L’intesa di massima raggiunto dalle quattro organizzazioni professionali del mondo agricolo (Coldiretti, Cia, Confagricoltura e Copagri) con le nuove proposte da presentare nell’ambito della riforma della Politica agricola comune a Bruxelles è salutata positivamente dalla Cia della Basilicata.
La Cia sottolinea – in un comunicato – che “nel Report mensile della Rete Rurale Nazionale (Agenzia del Ministero per le Politiche Agricole), aggiornata al 31 ottobre scorso, si registra un importo da spendere entro il 31 dicembre prossimo per il PSR 2007-2013 Basilicata che ammonta a 51,5 milioni di euro. In particolare l’Agenzia ministeriale ha ritenuto opportuno evidenziare la preoccupante staticità nell’andamento della spesa da parte della Regione Basilicata dove il rischio di disimpegno automatico è pari al 13,32% ed è il più alto tra le Regioni italiane. La staticità è legata all’ammontare di fondi FEASR a rischio che è pressoché identico già da qualche mese”.
Quanto al documento post Pac 2013 concordato dal mondo agricolo, nella nota, si sottolinea che “è un atto di responsabilità, anche alla luce della difficile situazione politica ed un punto di convergenza positivo su alcune scelte fondamentali”.
Sono sei i punti cardine del documento condiviso da Coldiretti, Confagri, Cia e Copagri, per ‘riscrivere’ la riforma della Politica agricola comune.
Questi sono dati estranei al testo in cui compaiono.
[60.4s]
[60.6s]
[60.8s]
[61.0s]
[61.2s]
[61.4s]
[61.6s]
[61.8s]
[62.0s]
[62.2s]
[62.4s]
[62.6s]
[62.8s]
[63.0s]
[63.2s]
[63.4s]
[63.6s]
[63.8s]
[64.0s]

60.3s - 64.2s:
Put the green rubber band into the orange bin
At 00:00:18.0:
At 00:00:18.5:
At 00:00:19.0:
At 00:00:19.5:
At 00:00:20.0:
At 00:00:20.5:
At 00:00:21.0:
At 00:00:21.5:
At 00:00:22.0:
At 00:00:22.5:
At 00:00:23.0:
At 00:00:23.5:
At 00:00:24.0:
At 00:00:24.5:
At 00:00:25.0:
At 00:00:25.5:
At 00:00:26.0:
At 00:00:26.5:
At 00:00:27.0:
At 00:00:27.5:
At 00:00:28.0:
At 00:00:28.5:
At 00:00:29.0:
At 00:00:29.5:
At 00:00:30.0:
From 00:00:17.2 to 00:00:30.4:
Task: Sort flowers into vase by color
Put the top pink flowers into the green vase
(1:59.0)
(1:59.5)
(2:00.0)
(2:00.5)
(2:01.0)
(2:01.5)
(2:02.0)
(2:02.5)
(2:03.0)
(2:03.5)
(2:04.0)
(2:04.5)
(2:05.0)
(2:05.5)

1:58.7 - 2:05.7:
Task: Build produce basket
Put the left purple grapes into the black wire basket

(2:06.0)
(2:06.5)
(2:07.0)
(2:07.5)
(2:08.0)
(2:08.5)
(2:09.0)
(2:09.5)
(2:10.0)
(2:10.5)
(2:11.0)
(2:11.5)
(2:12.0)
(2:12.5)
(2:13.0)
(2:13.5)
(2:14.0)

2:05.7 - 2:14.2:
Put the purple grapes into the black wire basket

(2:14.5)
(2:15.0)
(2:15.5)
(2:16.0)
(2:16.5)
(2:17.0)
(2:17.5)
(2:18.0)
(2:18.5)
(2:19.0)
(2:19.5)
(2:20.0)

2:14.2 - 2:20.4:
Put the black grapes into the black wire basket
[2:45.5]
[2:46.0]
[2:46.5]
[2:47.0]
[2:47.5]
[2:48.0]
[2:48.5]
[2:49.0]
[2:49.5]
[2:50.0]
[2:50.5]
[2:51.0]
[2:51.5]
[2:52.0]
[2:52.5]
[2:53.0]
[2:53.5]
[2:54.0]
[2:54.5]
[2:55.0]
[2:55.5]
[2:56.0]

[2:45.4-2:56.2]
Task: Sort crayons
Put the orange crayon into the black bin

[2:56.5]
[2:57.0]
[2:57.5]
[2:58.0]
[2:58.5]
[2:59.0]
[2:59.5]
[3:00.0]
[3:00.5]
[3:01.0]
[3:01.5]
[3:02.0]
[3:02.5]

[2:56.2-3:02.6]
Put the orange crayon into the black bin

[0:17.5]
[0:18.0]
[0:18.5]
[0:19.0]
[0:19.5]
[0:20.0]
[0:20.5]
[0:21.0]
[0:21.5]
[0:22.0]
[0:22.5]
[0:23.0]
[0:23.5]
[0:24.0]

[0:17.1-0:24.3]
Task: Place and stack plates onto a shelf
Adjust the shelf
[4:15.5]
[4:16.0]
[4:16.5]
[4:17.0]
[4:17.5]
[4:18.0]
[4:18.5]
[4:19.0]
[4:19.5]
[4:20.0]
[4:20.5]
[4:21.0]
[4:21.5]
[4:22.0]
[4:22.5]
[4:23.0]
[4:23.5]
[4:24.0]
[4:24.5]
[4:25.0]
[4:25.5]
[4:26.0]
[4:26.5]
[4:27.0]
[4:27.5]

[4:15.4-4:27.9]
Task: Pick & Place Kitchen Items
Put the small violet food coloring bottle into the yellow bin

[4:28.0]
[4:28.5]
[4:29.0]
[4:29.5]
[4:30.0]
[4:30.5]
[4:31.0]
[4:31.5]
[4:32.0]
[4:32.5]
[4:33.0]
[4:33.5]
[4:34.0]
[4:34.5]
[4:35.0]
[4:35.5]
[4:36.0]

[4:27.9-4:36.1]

Budget, ripartizione delle risorse, pagamenti diretti, agricoltore attivo, strumenti di gestione dei mercati e sviluppo rurale, sono i fronti comuni del documento presentato dalle organizzazioni agricole al Forum, in modo da aver maggiore possibilità di cambiare le carte in tavola a Bruxelles, senza offrire l’alibi dei contrasti interni. Nella ripartizione delle risorse degli aiuti diretti occorre utilizzare criteri oggettivi che combinino la superficie agricola utilizzata con occupazione agricola, produzione lorda vendibile e ambiente rurale. Superare con gradualità e flessibilità il criterio di calcolo dei pagamenti diretti imposto da Bruxelles suddivisi tra pagamento diretto, greening (misure per l’ambiente), aree svantaggiate, accoppiamento volontario. Sul fronte dell’agricoltore attivo è necessario che la definizione sia demandata allo Stato membro; in Italia l’imprenditore agricolo professionale si definisce in base al rapporto dell’incidenza complessiva del tempo e del reddito connessi al lavoro agricolo. Occorre poi rafforzare gli strumenti assicurativi e di gestione dei mercati, per quanto riguarda i danni provocati dalla crisi, la regolazione dei mercati, l’aggregazione del prodotto e l’organizzazione delle filiere. La politica di sviluppo rurale, infine, va razionalizzata e semplificata, potenziandola e finalizzandola all’innovazione e alla competitività delle imprese agricole; non ultimo semplificare le procedure gestionali e di accesso a tali misure che come sanno bene i produttori agricoli lucani rappresentano un grave ostacolo.
Il taglio complessivo degli interventi comunitari di circa il 25 per cento – è scritto nella nota – si ripercuoterebbe drammaticamente sulle produzioni tipiche del Sud e della Basilicata. Infatti sarebbero proprio le colture meridionali quali l’olivo e il vino a subire gli effetti negativi più gravi, in quanto la riforma introduce un aiuto di base legato semplicemente alla estensione dei terreni. Ma coltivare due ettari di pascolo in Germania è cosa diversa da coltivare due ettari di olive in Basilicata. Una vera assurdità che porrebbe seri problemi per gli agricoltori lucani, costretti a operare in un quadro sempre più difficile e senza i sostegni necessari per stare su un mercato che si presenta carico di molte insidie”.